Your task:
Keep the pictures out of the copy and print all the entries below exactly.

::::::::::

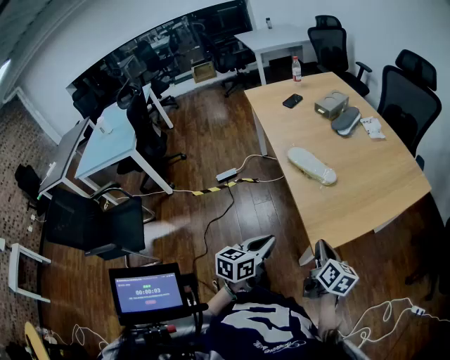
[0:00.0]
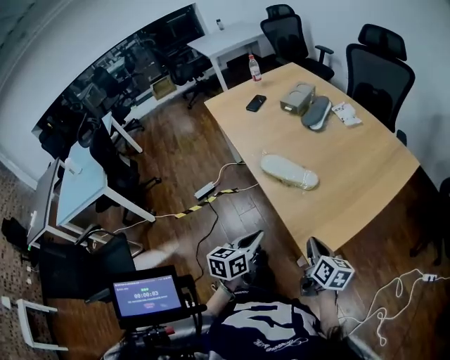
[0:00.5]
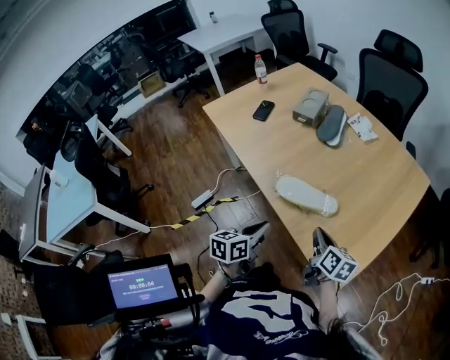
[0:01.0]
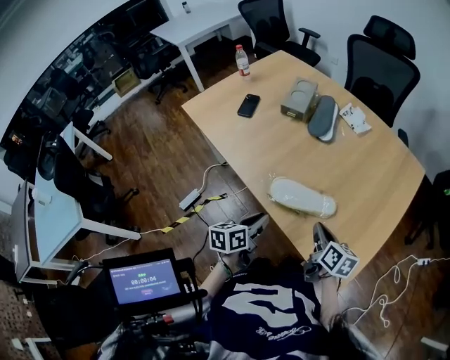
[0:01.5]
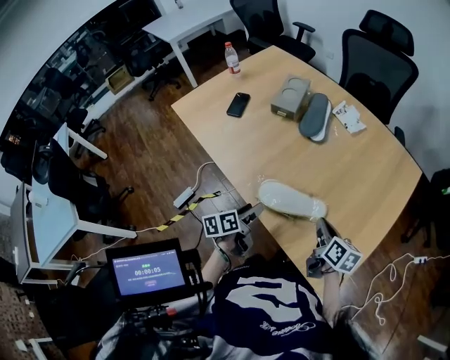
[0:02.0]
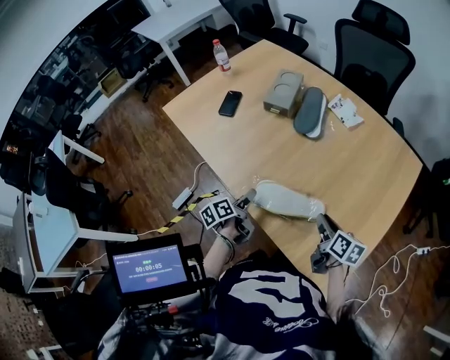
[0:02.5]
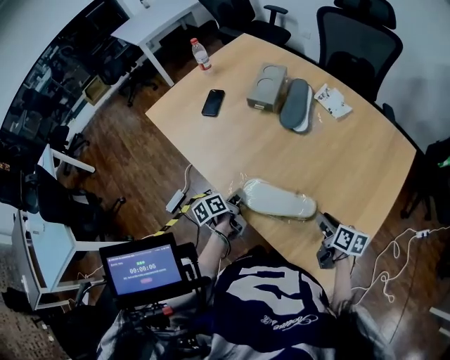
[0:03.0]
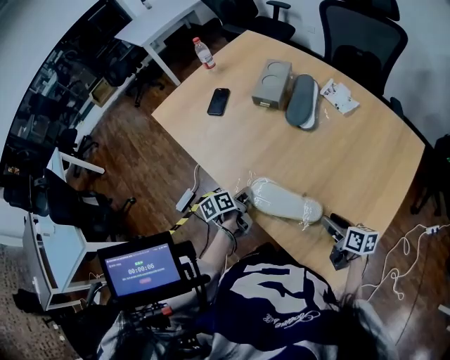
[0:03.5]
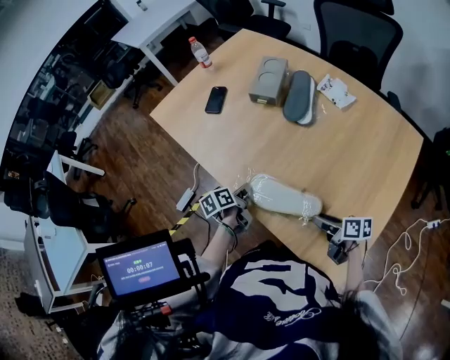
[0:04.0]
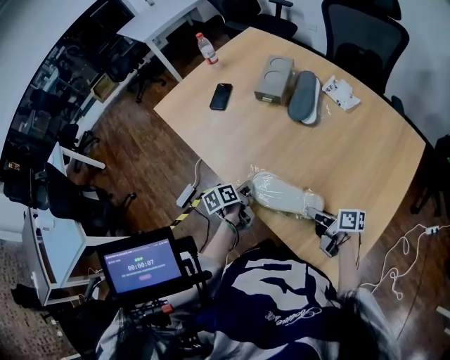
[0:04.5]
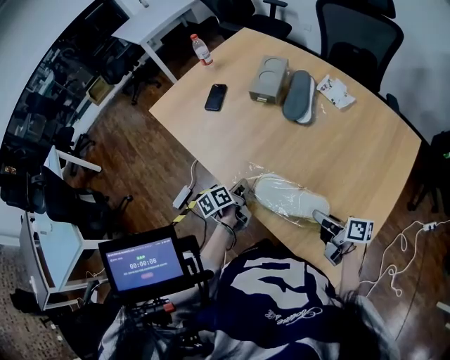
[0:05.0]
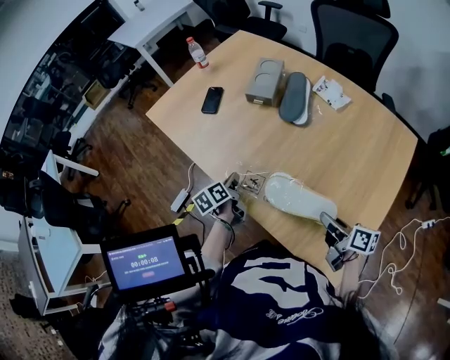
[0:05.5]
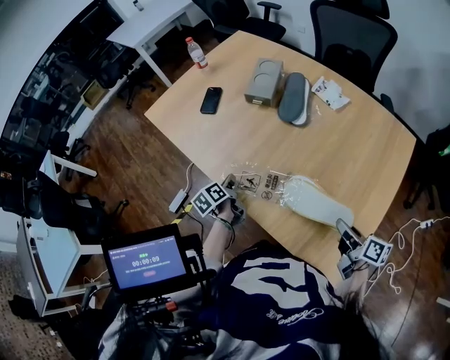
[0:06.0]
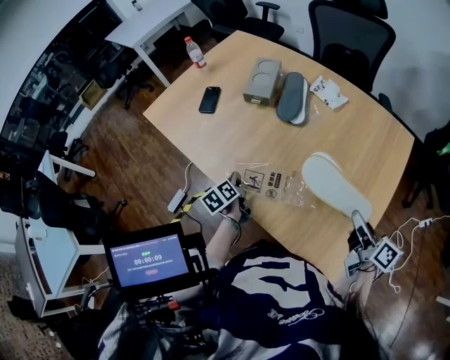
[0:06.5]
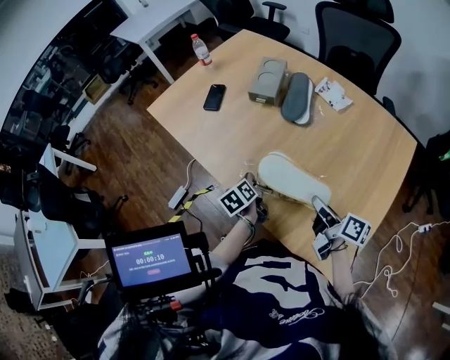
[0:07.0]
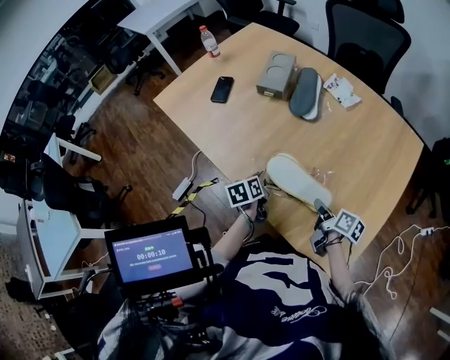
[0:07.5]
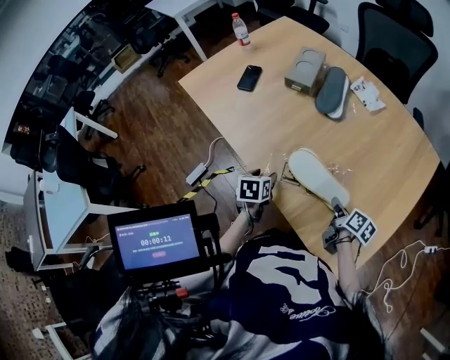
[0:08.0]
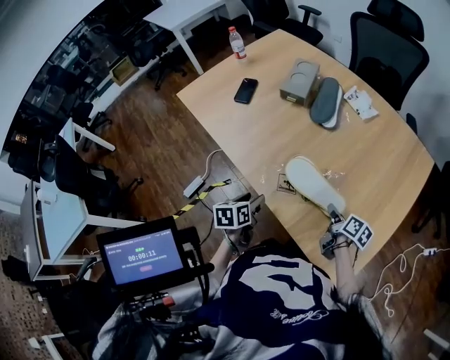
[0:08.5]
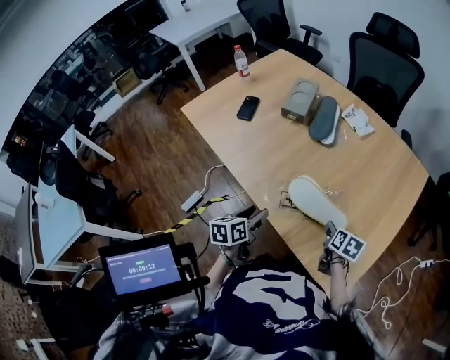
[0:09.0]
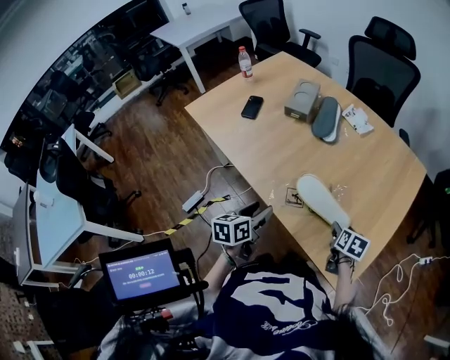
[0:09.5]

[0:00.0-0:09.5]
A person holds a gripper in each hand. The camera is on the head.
0:00.0 to 0:02.0: The left gripper travels forward and to the left by roughly 40 cm, rotates about 30 degrees, and opens; the right gripper heads forward, covering approximately 30 cm, and swivels about 20 degrees.
0:02.0 to 0:04.0: The left gripper heads forward and downward, covering approximately 10 cm, and closes up. The right gripper moves downward, approximately 10 cm, changes its angle by some 30 degrees, and opens its fingers.
0:04.0 to 0:05.5: The left gripper moves approximately 5 cm. The right gripper goes approximately 10 cm upward, and closes.
0:05.5 to 0:07.5: The right gripper moves downward, roughly 5 cm, while the left gripper shifts about 5 cm to the right.
0:07.5 to 0:09.5: The right gripper shifts by about 5 cm, turns by roughly 40 degrees, and opens its fingers. The left gripper heads backward and upward, covering some 15 cm, swivels some 20 degrees, and opens up.

::::::::::

Solution to this task:
[0:00.0]
[0:00.5]
[0:01.0]
[0:01.5]
[0:02.0]
[0:02.5]
[0:03.0]
[0:03.5]
[0:04.0]
[0:04.5]
[0:05.0]
[0:05.5]
[0:06.0]
[0:06.5]
[0:07.0]
[0:07.5]
[0:08.0]
[0:08.5]
[0:09.0]
[0:09.5]

[0:00.0-0:09.5]
A person holds a gripper in each hand. The camera is on the head.
0:00.0 to 0:02.0: The left gripper travels forward and to the left by roughly 40 cm, rotates about 30 degrees, and opens; the right gripper heads forward, covering approximately 30 cm, and swivels about 20 degrees.
0:02.0 to 0:04.0: The left gripper heads forward and downward, covering approximately 10 cm, and closes up. The right gripper moves downward, approximately 10 cm, changes its angle by some 30 degrees, and opens its fingers.
0:04.0 to 0:05.5: The left gripper moves approximately 5 cm. The right gripper goes approximately 10 cm upward, and closes.
0:05.5 to 0:07.5: The right gripper moves downward, roughly 5 cm, while the left gripper shifts about 5 cm to the right.
0:07.5 to 0:09.5: The right gripper shifts by about 5 cm, turns by roughly 40 degrees, and opens its fingers. The left gripper heads backward and upward, covering some 15 cm, swivels some 20 degrees, and opens up.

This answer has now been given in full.